Marco Mengoni (Crediti BRAINSTORM AGENCY)
in foto: Marco Mengoni (Crediti BRAINSTORM AGENCY)

Marco Mengoni è il re natalizio della classifica Fimi degli album più venduti: il suo ultimo "Atlantico", infatti, è stato in testa per tre settimane su quattro, comprese le ultime due dell'anno, quella del Natale e di Capodanno, a conferma del cantante di Ronciglione come uno degli artisti più amati del pop nazionale, uno dei pochi a potersi confermare più volte in testa alle classifiche, e raggiungere una certificazione platino in poche settimane: "Sono assente dalle scene da due anni e mezzo ma avevo proprio bisogno di un cambiamento, avevo bisogno di ricerca, di ricercare in me cose che avevo lasciato da parte. Il mio vecchio progetto è durato tre anni più o meno ed è stato molto pesante energeticamente, avevo bisogno di riconquistare la mia libertà di pensiero e la libertà di analizzare" ha spiegato qualche settimana fa a Fanpage.it, parlando proprio di quest'ultimo album, anticipato dai singoli "Voglio" e "Buona vita", seguiti, poi, da "Hola (I Say)" che l'ha visto duettare con Tom Walker.

La scelta di uscire con Voglio e Buona vita

"Io sarei uscito con tre singoli, addirittura – spiega il cantante -, era molto difficile definire con un pezzo tutto quello che c'era all'interno di Atlantico e del disco. Ho avuto troppe influenze e quindi scegliere un pezzo che rappresentasse tutto il disco era difficilissimo, ma è stato difficilissimo anche con due pezzo a dire la verità. Sicuramente ‘Voglio' riprendeva, musicalmente, un primo assaggio dato con l'ultimo singolo dell'ultimo progetto [‘Onde', ndr], mentre ‘Buona Vita' è stata scritta perché è un augurio e me la sono un po' dedicata e ho dedicato buona vita a questo disco".

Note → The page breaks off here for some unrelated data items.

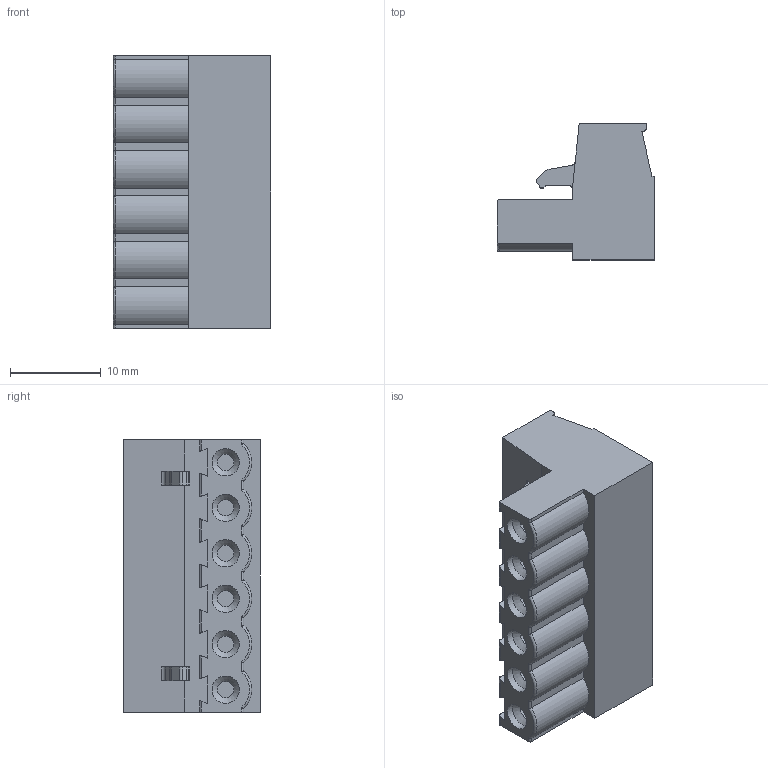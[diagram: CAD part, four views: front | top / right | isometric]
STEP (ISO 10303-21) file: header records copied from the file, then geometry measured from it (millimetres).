
FILE_DESCRIPTION((''),'2;1');
FILE_NAME('11211.1_PKB950_6_50','2006-12-14T12:48:31',('H.Wolters'),(''),'Autodesk Inventor 11','Autodesk Inventor 11','');
FILE_SCHEMA(('AUTOMOTIVE_DESIGN { 1 0 10303 214 1 1 1 1 }'));
Length unit declared in the file: millimetre
Products named in the file (1): 20061214_PKB950_Modell
Bounding box: 17.3 x 15 x 30 mm (x, y, z)
Volume: 4638.5 mm3; surface area: 3047.7 mm2
Topology: 1 solids, 1 shells, 235 faces, 585 edges, 370 vertices
Faces by surface type: plane 141, cylinder 49, bspline 27, cone 12, torus 6
Full cylindrical faces by diameter (mm): 1.8 x6, 3 x6, 4 x6
Entity records: 7708 total; most frequent: CARTESIAN_POINT 2410, ORIENTED_EDGE 1086, DIRECTION 1039, EDGE_CURVE 543, VERTEX_POINT 364, AXIS2_PLACEMENT_3D 347, VECTOR 345, LINE 345
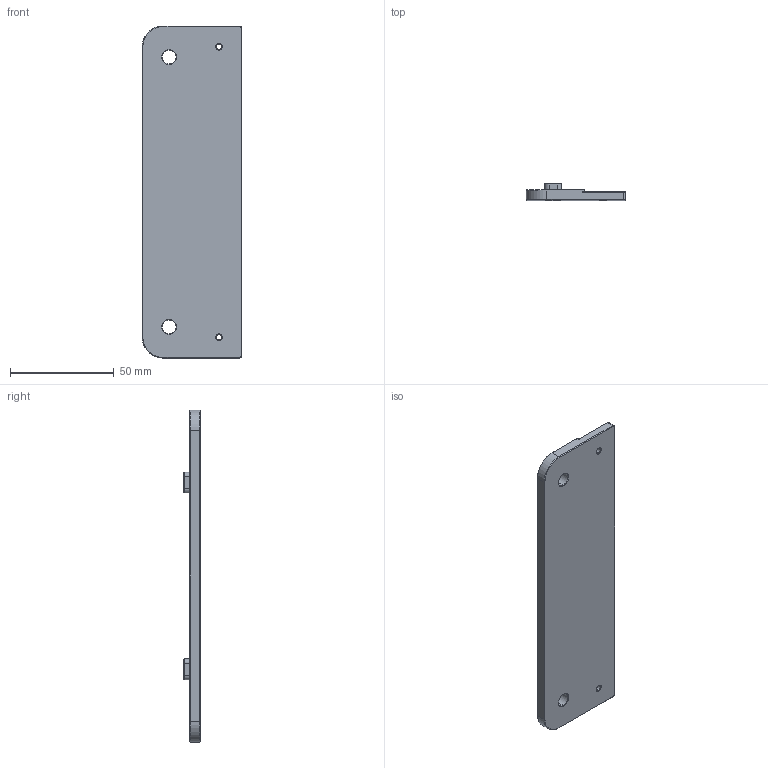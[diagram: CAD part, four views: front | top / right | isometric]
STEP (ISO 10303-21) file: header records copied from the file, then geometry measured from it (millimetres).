
FILE_DESCRIPTION (( 'STEP AP203' ), '1' );
FILE_NAME ('奻弇儂迖殤_FLY PI.STEP', '2025-01-10T08:47:16', ( 'Leo' ), ( '' ), 'SwSTEP 2.0', 'SolidWorks 2022', '' );
FILE_SCHEMA (( 'CONFIG_CONTROL_DESIGN' ));
Length unit declared in the file: millimetre
Products named in the file (1): 上位机托架_FLY PI
Bounding box: 48 x 8 x 160 mm (x, y, z)
Volume: 35019.9 mm3; surface area: 17414.7 mm2
Topology: 1 solids, 1 shells, 93 faces, 215 edges, 126 vertices
Faces by surface type: plane 37, cone 34, cylinder 22
Entity records: 2684 total; most frequent: DIRECTION 479, CARTESIAN_POINT 441, ORIENTED_EDGE 430, EDGE_CURVE 215, AXIS2_PLACEMENT_3D 172, LINE 135, VECTOR 135, VERTEX_POINT 126
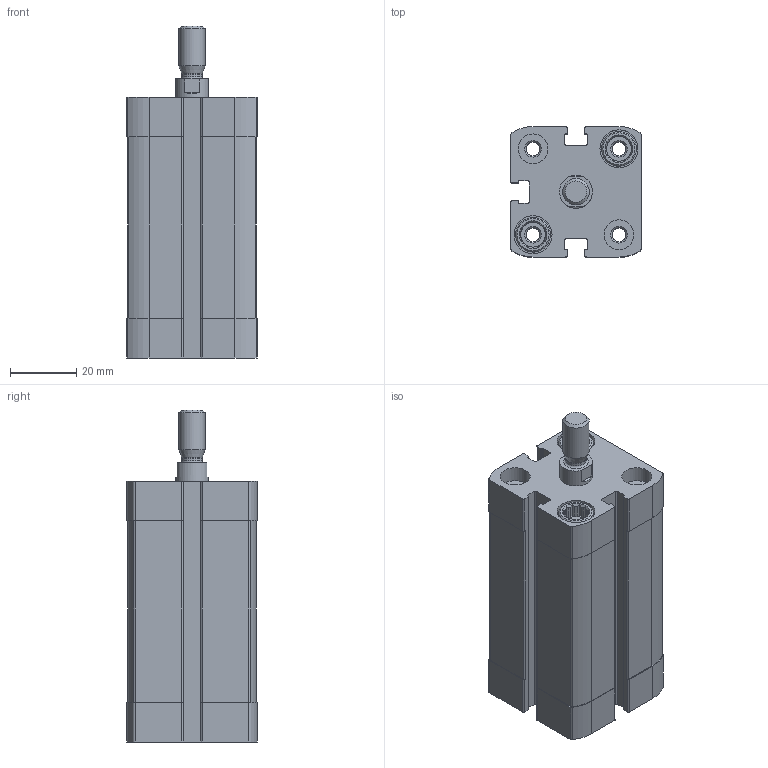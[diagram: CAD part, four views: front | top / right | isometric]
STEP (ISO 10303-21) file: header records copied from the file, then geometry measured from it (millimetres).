
FILE_DESCRIPTION(/* description */ ('STEP AP214'),/* implementation_level */ '2;1');
FILE_NAME(/* name */ '536257_ADN-25-40-A-P-A',/* time_stamp */ '2024-07-24T17:03:05+02:00',/* author */ ('License CC BY-ND 4.0'),/* organization */ ('CADENAS'),/* preprocessor_version */ 'ST-DEVELOPER v19.3',/* originating_system */ 'PARTsolutions',/* authorisation */ ' ');
FILE_SCHEMA (('AUTOMOTIVE_DESIGN {1 0 10303 214 3 1 1}'));
Length unit declared in the file: millimetre
Products named in the file (3): 536257 ADN-25-40-A-P-A---(asm_0); 536250 ADN-40-P---(Z); 536250 ADN-40-P-A_(KS)
Assembly tree (2 placements, depth 2):
  536257 ADN-25-40-A-P-A---(asm_0)
    536250 ADN-40-P---(Z)
    536250 ADN-40-P-A_(KS)
Bounding box: 39.5 x 39.5 x 100.5 mm (x, y, z)
Volume: 88374.6 mm3; surface area: 33986.1 mm2
Topology: 2 solids, 2 shells, 350 faces, 931 edges, 616 vertices
Faces by surface type: plane 231, cylinder 97, cone 20, torus 2
Full cylindrical faces by diameter (mm): 4.134 x10, 5 x4, 6.2 x1, 7.5 x4, 8 x1, 9 x5, 10 x2, 10.5 x4, 11.5 x4, 25 x2
Entity records: 10699 total; most frequent: CARTESIAN_POINT 2101, DIRECTION 1778, ORIENTED_EDGE 1716, EDGE_CURVE 858, AXIS2_PLACEMENT_3D 663, VERTEX_POINT 602, LINE 452, VECTOR 452
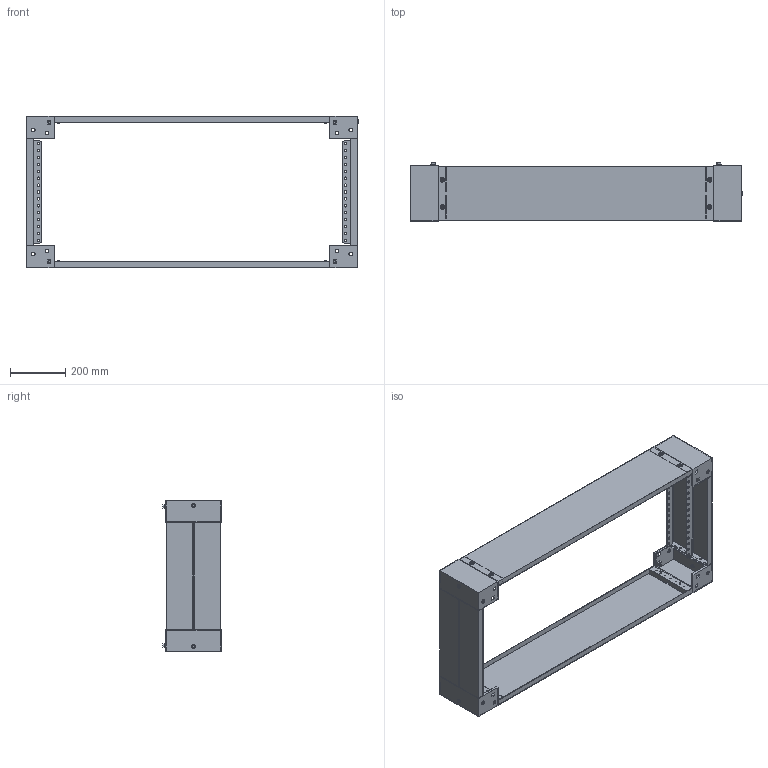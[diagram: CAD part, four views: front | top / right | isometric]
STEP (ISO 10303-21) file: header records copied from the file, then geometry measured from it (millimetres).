
FILE_DESCRIPTION (( 'STEP AP214' ), '1' );
FILE_NAME ('0396.1202.60.17.step', '2023-01-11T07:15:54', ( '' ), ( '' ), 'SwSTEP 2.0', 'SolidWorks 2019', '' );
FILE_SCHEMA (( 'AUTOMOTIVE_DESIGN' ));
Length unit declared in the file: millimetre
Products named in the file (7): SockelQuerteilH200_60; SockelEckteilH200; 0396.1202.60.17; SockelQuerteilH200_0396-0002-60-17; SockelLaengsteilH200_0396-1202-00-17; SockelLaengsteilH200_1202-1; SockelEckteilH200_Rechts<Standard>
Assembly tree (12 placements, depth 3):
  0396.1202.60.17
    SockelLaengsteilH200_0396-1202-00-17
      SockelEckteilH200_Rechts<Standard>  x2
      SockelEckteilH200  x2
      SockelLaengsteilH200_1202-1  x2
    SockelQuerteilH200_0396-0002-60-17
      SockelQuerteilH200_60  x4
Bounding box: 1204 x 210.6 x 551.2 mm (x, y, z)
Volume: 1921580.6 mm3; surface area: 2208397.3 mm2
Topology: 30 solids, 30 shells, 1252 faces, 3348 edges, 2208 vertices
Faces by surface type: plane 816, cylinder 340, cone 80, bspline 16
Entity records: 18172 total; most frequent: CARTESIAN_POINT 3121, ORIENTED_EDGE 2780, DIRECTION 2770, EDGE_CURVE 1390, LINE 1048, VECTOR 1048, VERTEX_POINT 916, AXIS2_PLACEMENT_3D 861
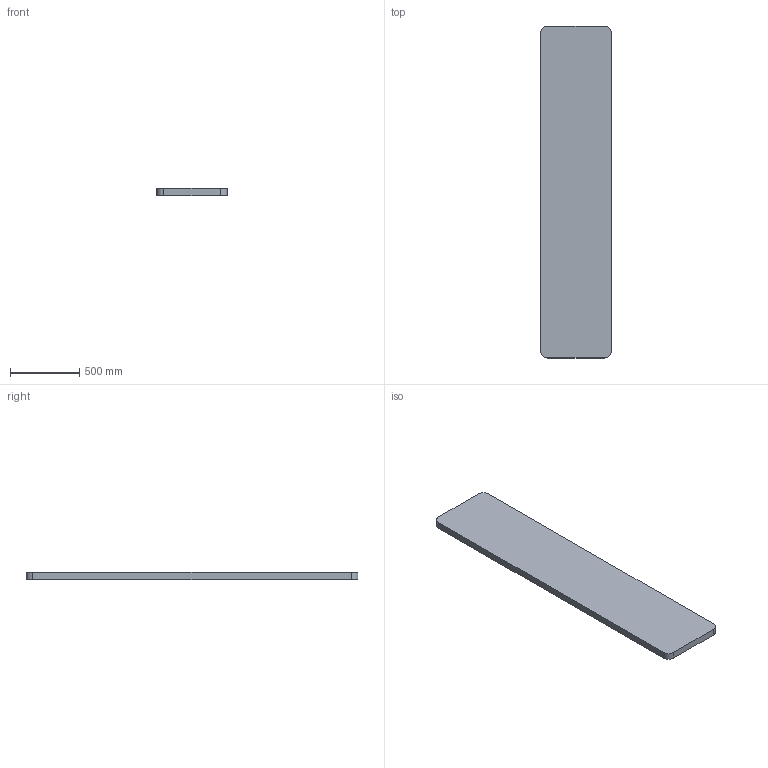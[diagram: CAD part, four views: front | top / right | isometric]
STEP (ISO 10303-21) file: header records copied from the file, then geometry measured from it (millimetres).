
FILE_DESCRIPTION (( 'STEP AP203' ), '1' );
FILE_NAME ('Door_Default_sldprt.STEP', '2019-04-11T17:56:29', ( '' ), ( '' ), 'SwSTEP 2.0', 'SolidWorks 2017', '' );
FILE_SCHEMA (( 'CONFIG_CONTROL_DESIGN' ));
Length unit declared in the file: millimetre
Products named in the file (1): Door_Default_sldprt
Bounding box: 508 x 2400 x 50.8 mm (x, y, z)
Volume: 61826342.3 mm3; surface area: 2725200.1 mm2
Topology: 1 solids, 1 shells, 10 faces, 24 edges, 16 vertices
Faces by surface type: plane 6, cylinder 4
Entity records: 373 total; most frequent: DIRECTION 54, CARTESIAN_POINT 51, ORIENTED_EDGE 48, EDGE_CURVE 24, AXIS2_PLACEMENT_3D 19, VERTEX_POINT 16, VECTOR 16, LINE 16
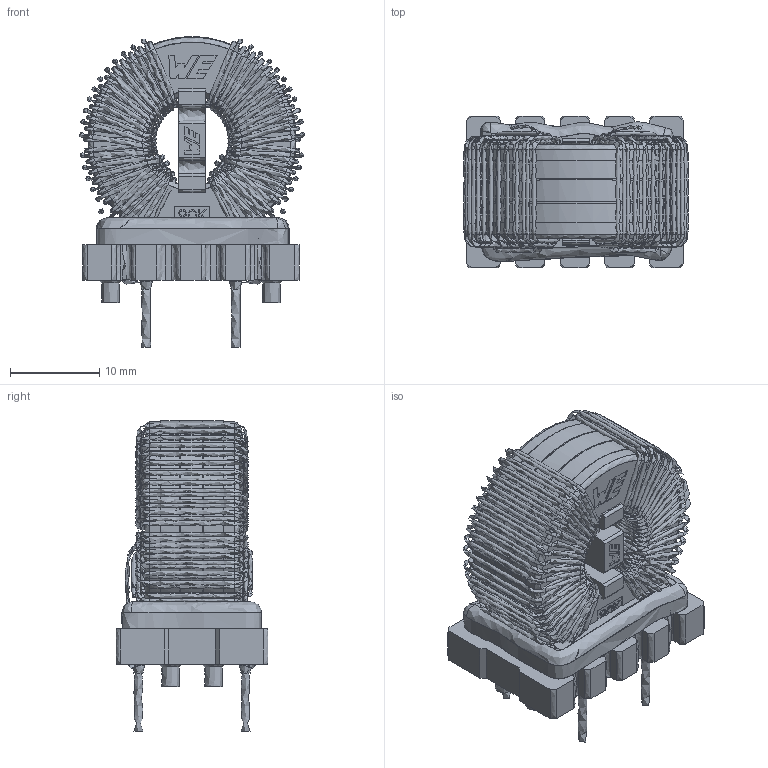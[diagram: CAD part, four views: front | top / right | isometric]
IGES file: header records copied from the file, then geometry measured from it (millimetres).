
Start section: C
Global section: file name: 7448040382.igs; native system: By Siemens PLM Incorporated; preprocessor: XPlus GENERIC/IGES 24.0.124; author: Author; organization: Title; date: 20231205.124438; units: millimetre
Bounding box: 25.2 x 17 x 34.76 mm (x, y, z)
Surface area: 14381.7 mm2 (no closed solid volume)
Topology: 0 solids, 0 shells, 1296 faces, 8993 edges, 8990 vertices
Faces by surface type: bspline 1296
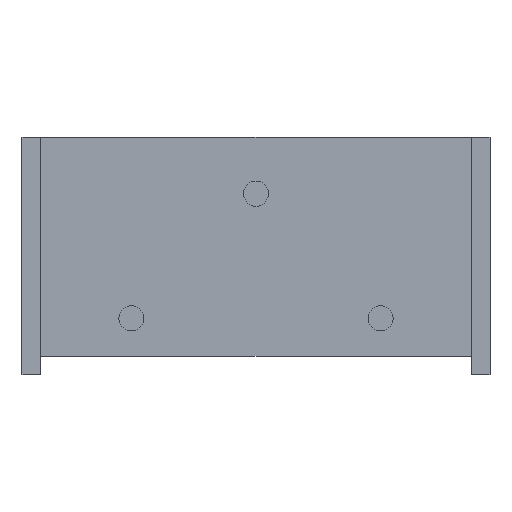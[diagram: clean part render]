
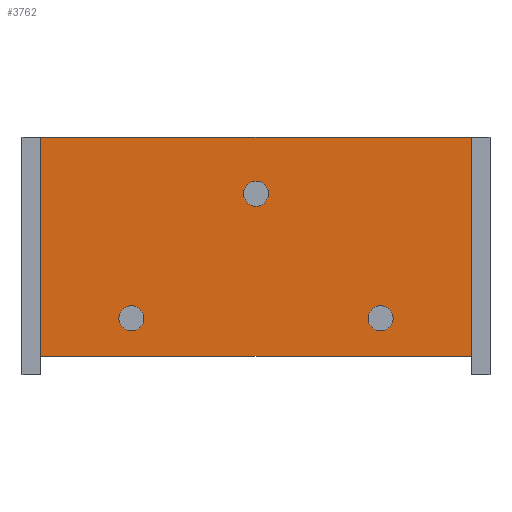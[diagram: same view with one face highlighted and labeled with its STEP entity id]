
A CAD part, front view. The second image highlights one B-rep face of the part: STEP entity #3762.
In plain terms, the highlighted planar face has unit normal (0, -1, 0).
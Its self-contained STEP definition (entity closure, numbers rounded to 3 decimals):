
#91=PLANE('',#3844);
#296=FACE_OUTER_BOUND('',#515,.T.);
#515=EDGE_LOOP('',(#3347,#3348,#3349,#3350));
#730=LINE('',#7774,#989);
#762=LINE('',#7848,#1021);
#779=LINE('',#7877,#1038);
#781=LINE('',#7880,#1040);
#989=VECTOR('',#4117,10.);
#1021=VECTOR('',#4175,10.);
#1038=VECTOR('',#4204,10.);
#1040=VECTOR('',#4208,10.);
#1674=VERTEX_POINT('',#7771);
#1675=VERTEX_POINT('',#7773);
#1703=VERTEX_POINT('',#7845);
#1704=VERTEX_POINT('',#7847);
#2214=EDGE_CURVE('',#1674,#1675,#730,.T.);
#2248=EDGE_CURVE('',#1704,#1703,#762,.T.);
#2265=EDGE_CURVE('',#1704,#1674,#779,.T.);
#2267=EDGE_CURVE('',#1675,#1703,#781,.T.);
#3347=ORIENTED_EDGE('',*,*,#2248,.T.);
#3348=ORIENTED_EDGE('',*,*,#2267,.F.);
#3349=ORIENTED_EDGE('',*,*,#2214,.F.);
#3350=ORIENTED_EDGE('',*,*,#2265,.F.);
#3762=ADVANCED_FACE('',(#296),#91,.F.);
#3844=AXIS2_PLACEMENT_3D('',#7881,#4209,#4210);
#4117=DIRECTION('',(1.,0.,0.));
#4175=DIRECTION('',(1.,0.,0.));
#4204=DIRECTION('',(0.,0.,1.));
#4208=DIRECTION('',(0.,0.,-1.));
#4209=DIRECTION('center_axis',(0.,1.,0.));
#4210=DIRECTION('ref_axis',(0.,0.,1.));
#7771=CARTESIAN_POINT('',(-4.39,0.38,2.42));
#7773=CARTESIAN_POINT('',(4.39,0.38,2.42));
#7774=CARTESIAN_POINT('',(-2.385,0.38,2.42));
#7845=CARTESIAN_POINT('',(4.39,0.38,-2.04));
#7847=CARTESIAN_POINT('',(-4.39,0.38,-2.04));
#7848=CARTESIAN_POINT('',(0.,0.38,-2.04));
#7877=CARTESIAN_POINT('',(-4.39,0.38,2.42));
#7880=CARTESIAN_POINT('',(4.39,0.38,-2.42));
#7881=CARTESIAN_POINT('Origin',(0.,0.38,0.));

Alla ricerca della parte più tradizionale della musica

La varietà dei singoli ha un po' spiazzato qualche fan che forse non si aspettava questa svolta, soprattutto la differenza tra i due singoli iniziali, confermata dall'ascolto dell'album, ma poi, pian piano, i risultati hanno dato ragione a lui: "Dall'esterno, uscendo con delle cose diverse tra loro e con degli spunti, paradossalmente, opposti, sembra un po' che tu stia lanciando delle provocazioni, ma in realtà non lo sono, fanno parte di me, delle mie giornate e del mio essere, non mi ritengo una persona ‘coerente', quindi mi piace, mi piace ricercare, ho necessità di cibarmi di cose diverse e fare uscire parti diverse di me, di confrontarmi anche con musiche diverse. In questo disco sono andato a ricercare la parte più tradizionale della musica – continua Mengoni -, posso citare Amalia Rodriguez con il Fado, posso riprendere i canti Masai in ‘Muhammad Ali', posso prendere i Buena Vista Social Club e Celia Cruz. So che può essere completamente spiazzante e fuorviante quando si esce con cose completamente diverse ma sono io".

La lentezza e il tempo che passa

In conferenza stampa, poi, il cantante aveva parlato anche del concetto di lentezza e del tempo che passa da non sprecare, di cui parla anche in "Hola (I Say)": "Sulla lentezza io vado a ricercare tutte le sensazioni che ho avuto e tutte le emozioni che ho provato voglio riprenderle perché voglio andare contro il meccanismo naturale che abbiamo nel nostro cervello di mettere da parte le emozioni troppo forti perché potrebbero far male. Per quanto riguarda il passato e la lentezza, analizzando delle scelte che ho fatto, anche un caffè non preso mi ha portato a dire ‘Cavolo!' e avere sensi di colpa, perché pensavo ci fosse più tempo e invece non è vero. Una delle mie canzoni preferite è ‘C'è tempo' di Fossati e dice "c'è tempo per questo mare infinito di gente" e vado un po' a contrasto, perché mi dico che non è vero, non c'è più tempo".